Sixty-eight percent of cells (17/25) responded to the contralateral cage, more than for any
other Selleck CX5461 scene part (α = 0.05, ANOVA; p < 10−15, binomial test). However, significant numbers of units also responded to the contralateral wall (44%, 11/25), ipsilateral wall (36%, 9/25), and ipsilateral cage (32%, 8/25) (α = 0.05, ANOVA). In total, 81% of cells modulated by the cage scene (17/21) were sensitive to ipsilaterally presented stimuli or interactions involving ipsilaterally presented stimuli (α = 0.05, ANOVA). Intriguingly, despite the large spatial separation between the two cages, the populations modulated by each showed significant overlap: six of the eight cells responding to the ipsilateral cage responded to the contralateral cage as well, and 44% of cells (11/25) were modulated by the interaction between the cages. In this Article, we used a combination of Selleckchem MDV3100 fMRI, targeted electrical microstimulation, and single-unit electrophysiology to identify and functionally characterize two nodes within the network for processing visual scenes in the macaque brain. First, using fMRI, we identified the most robust activation to scene versus nonscene images within area LPP, a bilateral region in the fundus of the occipitotemporal sulcus anterior to area V4V. Next, microstimulation of LPP
combined with simultaneous fMRI revealed that LPP is strongly connected to areas DP and V4V posteriorly, and to MPP, a discrete, more medial region within parahippocampal cortex located at the same anterior-posterior location as LPP. Finally, single-unit recordings targeted to LPP and MPP allowed us
to characterize the selectivity of (-)-p-Bromotetramisole Oxalate single cells within these two scene-selective regions to scene versus nonscene stimuli, as well as to a large number of different scene stimuli, revealing three major insights.
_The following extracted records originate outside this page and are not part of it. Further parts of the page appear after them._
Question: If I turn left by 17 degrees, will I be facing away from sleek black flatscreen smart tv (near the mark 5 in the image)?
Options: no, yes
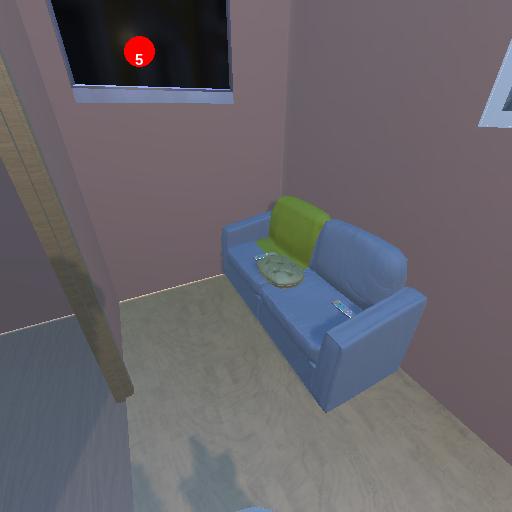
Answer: no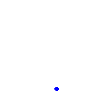
Particle: proton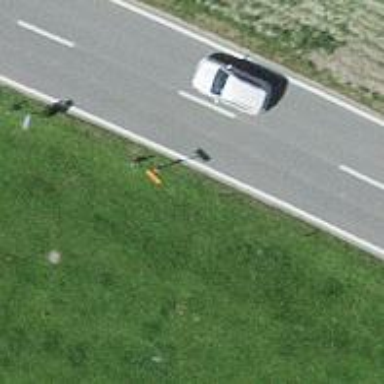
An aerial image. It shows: Pole with roof covering.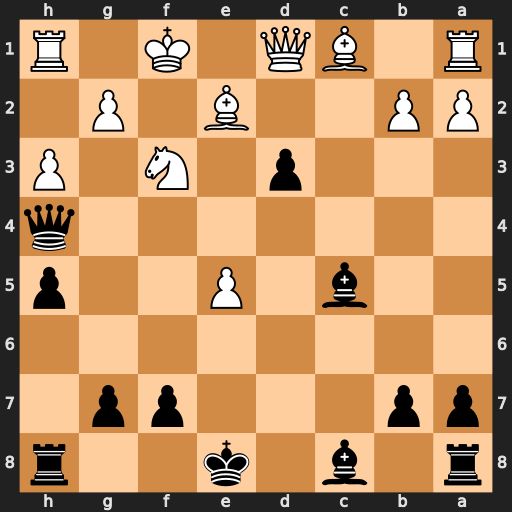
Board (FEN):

First, the single-unit recordings showed that both regions contain a high concentration of scene-selective cells. Second, they showed that cells in both LPP and MPP exhibit a preference for stimuli containing long, straight contours, and responses of LPP neurons to photographs and line drawings of scenes are significantly correlated. Third, experiments presenting two sets of combinatorially generated scene stimuli revealed a rich population code for scene content in LPP. Synthetic room stimuli multiplexing spatial factors (depth, viewpoint) with nonspatial factors (texture, objects) revealed that LPP cells are modulated not only by pure spatial factors but also by texture and objects, and decomposed scene stimuli revealed that individual LPP cells are selective for the presence of subsets of scene parts and part combinations. In LPP and MPP, the average response across cells does not strongly depend upon the presence of objects but instead depends upon the presence of spatial cues (Figures 1C, S1, 2, and 4).